* Source records *

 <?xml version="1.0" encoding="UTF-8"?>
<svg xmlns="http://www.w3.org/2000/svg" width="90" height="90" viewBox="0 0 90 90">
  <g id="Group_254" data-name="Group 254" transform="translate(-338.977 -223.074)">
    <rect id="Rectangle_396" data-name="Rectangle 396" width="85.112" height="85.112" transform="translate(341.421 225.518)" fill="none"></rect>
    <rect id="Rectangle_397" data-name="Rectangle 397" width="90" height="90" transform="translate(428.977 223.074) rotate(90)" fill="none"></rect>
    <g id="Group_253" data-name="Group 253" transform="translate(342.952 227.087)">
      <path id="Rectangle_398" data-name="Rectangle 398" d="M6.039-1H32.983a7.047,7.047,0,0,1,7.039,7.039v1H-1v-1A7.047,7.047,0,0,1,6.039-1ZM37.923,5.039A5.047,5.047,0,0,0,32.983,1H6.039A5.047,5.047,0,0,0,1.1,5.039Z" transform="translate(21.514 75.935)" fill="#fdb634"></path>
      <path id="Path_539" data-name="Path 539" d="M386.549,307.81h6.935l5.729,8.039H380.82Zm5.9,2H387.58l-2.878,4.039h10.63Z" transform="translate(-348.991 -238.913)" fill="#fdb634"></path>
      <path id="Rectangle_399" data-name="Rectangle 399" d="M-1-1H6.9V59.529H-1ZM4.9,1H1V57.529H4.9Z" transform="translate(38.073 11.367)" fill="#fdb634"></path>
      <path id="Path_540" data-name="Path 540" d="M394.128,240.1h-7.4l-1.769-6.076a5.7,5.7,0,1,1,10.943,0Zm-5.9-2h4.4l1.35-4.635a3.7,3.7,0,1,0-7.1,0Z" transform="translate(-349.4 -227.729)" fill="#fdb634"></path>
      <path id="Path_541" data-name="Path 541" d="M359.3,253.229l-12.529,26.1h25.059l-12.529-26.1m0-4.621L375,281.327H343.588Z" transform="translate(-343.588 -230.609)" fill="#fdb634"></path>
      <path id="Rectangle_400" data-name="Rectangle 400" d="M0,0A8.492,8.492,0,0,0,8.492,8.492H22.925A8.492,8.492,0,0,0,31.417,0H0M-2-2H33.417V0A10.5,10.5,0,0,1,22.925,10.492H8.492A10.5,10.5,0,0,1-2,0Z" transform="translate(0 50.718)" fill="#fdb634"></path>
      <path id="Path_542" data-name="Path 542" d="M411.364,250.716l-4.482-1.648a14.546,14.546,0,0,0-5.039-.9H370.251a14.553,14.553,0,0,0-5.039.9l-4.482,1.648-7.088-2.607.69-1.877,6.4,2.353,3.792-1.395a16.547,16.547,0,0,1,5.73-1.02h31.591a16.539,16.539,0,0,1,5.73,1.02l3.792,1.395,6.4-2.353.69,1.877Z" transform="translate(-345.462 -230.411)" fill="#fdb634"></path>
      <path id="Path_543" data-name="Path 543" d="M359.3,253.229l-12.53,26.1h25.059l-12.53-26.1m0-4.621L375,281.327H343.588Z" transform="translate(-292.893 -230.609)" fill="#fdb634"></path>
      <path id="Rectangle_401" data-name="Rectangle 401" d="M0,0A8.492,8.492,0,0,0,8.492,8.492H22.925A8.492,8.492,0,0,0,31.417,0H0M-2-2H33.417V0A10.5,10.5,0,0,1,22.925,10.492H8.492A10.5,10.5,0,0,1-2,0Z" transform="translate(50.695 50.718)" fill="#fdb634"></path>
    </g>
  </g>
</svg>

* WORK INSTRUCTIONS *
Once more, write out the records in full, exactly as they appear.

* EXERCISE OUTPUT *
 <?xml version="1.0" encoding="UTF-8"?>
<svg xmlns="http://www.w3.org/2000/svg" width="90" height="90" viewBox="0 0 90 90">
  <g id="Group_254" data-name="Group 254" transform="translate(-338.977 -223.074)">
    <rect id="Rectangle_396" data-name="Rectangle 396" width="85.112" height="85.112" transform="translate(341.421 225.518)" fill="none"></rect>
    <rect id="Rectangle_397" data-name="Rectangle 397" width="90" height="90" transform="translate(428.977 223.074) rotate(90)" fill="none"></rect>
    <g id="Group_253" data-name="Group 253" transform="translate(342.952 227.087)">
      <path id="Rectangle_398" data-name="Rectangle 398" d="M6.039-1H32.983a7.047,7.047,0,0,1,7.039,7.039v1H-1v-1A7.047,7.047,0,0,1,6.039-1ZM37.923,5.039A5.047,5.047,0,0,0,32.983,1H6.039A5.047,5.047,0,0,0,1.1,5.039Z" transform="translate(21.514 75.935)" fill="#fdb634"></path>
      <path id="Path_539" data-name="Path 539" d="M386.549,307.81h6.935l5.729,8.039H380.82Zm5.9,2H387.58l-2.878,4.039h10.63Z" transform="translate(-348.991 -238.913)" fill="#fdb634"></path>
      <path id="Rectangle_399" data-name="Rectangle 399" d="M-1-1H6.9V59.529H-1ZM4.9,1H1V57.529H4.9Z" transform="translate(38.073 11.367)" fill="#fdb634"></path>
      <path id="Path_540" data-name="Path 540" d="M394.128,240.1h-7.4l-1.769-6.076a5.7,5.7,0,1,1,10.943,0Zm-5.9-2h4.4l1.35-4.635a3.7,3.7,0,1,0-7.1,0Z" transform="translate(-349.4 -227.729)" fill="#fdb634"></path>
      <path id="Path_541" data-name="Path 541" d="M359.3,253.229l-12.529,26.1h25.059l-12.529-26.1m0-4.621L375,281.327H343.588Z" transform="translate(-343.588 -230.609)" fill="#fdb634"></path>
      <path id="Rectangle_400" data-name="Rectangle 400" d="M0,0A8.492,8.492,0,0,0,8.492,8.492H22.925A8.492,8.492,0,0,0,31.417,0H0M-2-2H33.417V0A10.5,10.5,0,0,1,22.925,10.492H8.492A10.5,10.5,0,0,1-2,0Z" transform="translate(0 50.718)" fill="#fdb634"></path>
      <path id="Path_542" data-name="Path 542" d="M411.364,250.716l-4.482-1.648a14.546,14.546,0,0,0-5.039-.9H370.251a14.553,14.553,0,0,0-5.039.9l-4.482,1.648-7.088-2.607.69-1.877,6.4,2.353,3.792-1.395a16.547,16.547,0,0,1,5.73-1.02h31.591a16.539,16.539,0,0,1,5.73,1.02l3.792,1.395,6.4-2.353.69,1.877Z" transform="translate(-345.462 -230.411)" fill="#fdb634"></path>
      <path id="Path_543" data-name="Path 543" d="M359.3,253.229l-12.53,26.1h25.059l-12.53-26.1m0-4.621L375,281.327H343.588Z" transform="translate(-292.893 -230.609)" fill="#fdb634"></path>
      <path id="Rectangle_401" data-name="Rectangle 401" d="M0,0A8.492,8.492,0,0,0,8.492,8.492H22.925A8.492,8.492,0,0,0,31.417,0H0M-2-2H33.417V0A10.5,10.5,0,0,1,22.925,10.492H8.492A10.5,10.5,0,0,1-2,0Z" transform="translate(50.695 50.718)" fill="#fdb634"></path>
    </g>
  </g>
</svg>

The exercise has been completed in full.